特別寄稿|「響きあうアジア2019」ガラコンサートで考える〜アジアの未来・響生〜|加納遥香
「響きあうアジア2019」ガラコンサートで考える〜アジアの未来・響生〜
Suy nghĩ trong buổi công diễn đặc biệt: “Châu Á Cộng Hưởng” – Tương lai chung sống của Châu Á
(This Article in English: Special Column | ASIA IN RESONANCE 2019 GALA CONCERT | Haruka Kanoh)
text by 加納遥香(Haruka Kanoh)
Photos by 藤本史昭/写真提供:(公社)日本オーケストラ連盟
2019年7月1日、東京芸術劇場にて「響きあうアジア2019」ガラコンサートが開催された。東南アジア5ヶ国――インドネシア、タイ、フィリピン、ベトナム、ミャンマー――と日本から集まった演奏家たちが東京芸術劇場にて聴衆の前に姿を現し、埋め尽くされた客席からはアジアの多国籍オーケストラが日本にいる多くの人々の関心を集めていることが一目瞭然であった。
この公演は、独立行政法人国際交流基金が実施する「ASEANオーケストラ支援事業」の5年間の集大成として実施された。「ASEANオーケストラ支援事業」は「ASEAN 諸国はいまだ文化的なインフラが整備途上であり、わが国としても政治・経済関係のみならず文化関係もさらに発展・強化させる必要がある」(同基金平成26年度実務実績等報告書)という認識の下でASEAN 諸国のオーケストラに対する演奏技術向上とマネジメント・スタッフ育成を目的として2014年に開始され、コンサート配布プログラムによるとこれまでに大きく3つの事業を展開してきた。一つは日本の演奏家を各楽団に派遣し、現地の楽団の一員としての活動を通して協力と交流を図る長期派遣事業、二つ目は各国の楽団運営スタッフを日本に招いて研修を実施する短期招聘事業、そしてミャンマーの民政移管後の2012年に活動を再開したミャンマー国立交響楽団に対する支援事業である。
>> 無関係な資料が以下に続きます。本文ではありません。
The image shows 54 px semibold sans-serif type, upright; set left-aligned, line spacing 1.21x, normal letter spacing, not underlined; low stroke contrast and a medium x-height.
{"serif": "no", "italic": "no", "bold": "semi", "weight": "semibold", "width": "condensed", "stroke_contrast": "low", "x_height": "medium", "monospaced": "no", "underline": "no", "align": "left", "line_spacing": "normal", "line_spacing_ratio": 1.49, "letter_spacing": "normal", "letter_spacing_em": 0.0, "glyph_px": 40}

これらは2014年に国際交流基金に設立されたアジアセンターを中心に実施されるアジア文化交流強化事業の一つでもあり、今回のコンサートは同センター主催の文化交流の祭典「響きあうアジア2019」の幕開けを飾った。
「響きあうアジア2019」交響楽団のメンバーはホーチミン市交響楽団から32名、ベトナム国立交響楽団から5名、王立バンコク交響楽団から20名、フィリピン・フィルハーモニック管弦楽団から11名、マニラ交響楽団から4名、ジャカルタ・シティ・フィルハーモニックから3名、ジャカルタ・シンフォニエッタから3名、ミャンマー国立交響楽団から3名、日本からは長期派遣事業に参加した演奏家6名、コンサートミストレスと独奏を務めた瀬﨑明日香氏と和太鼓奏者・友野龍二氏を含む特別出演14名から構成され、岩倉高等学校吹奏楽部からは36名の金管楽器奏者が賛助出演した。指揮は「炎のコバケン」こと小林研一郎氏、司会は朝岡聡氏が務めた。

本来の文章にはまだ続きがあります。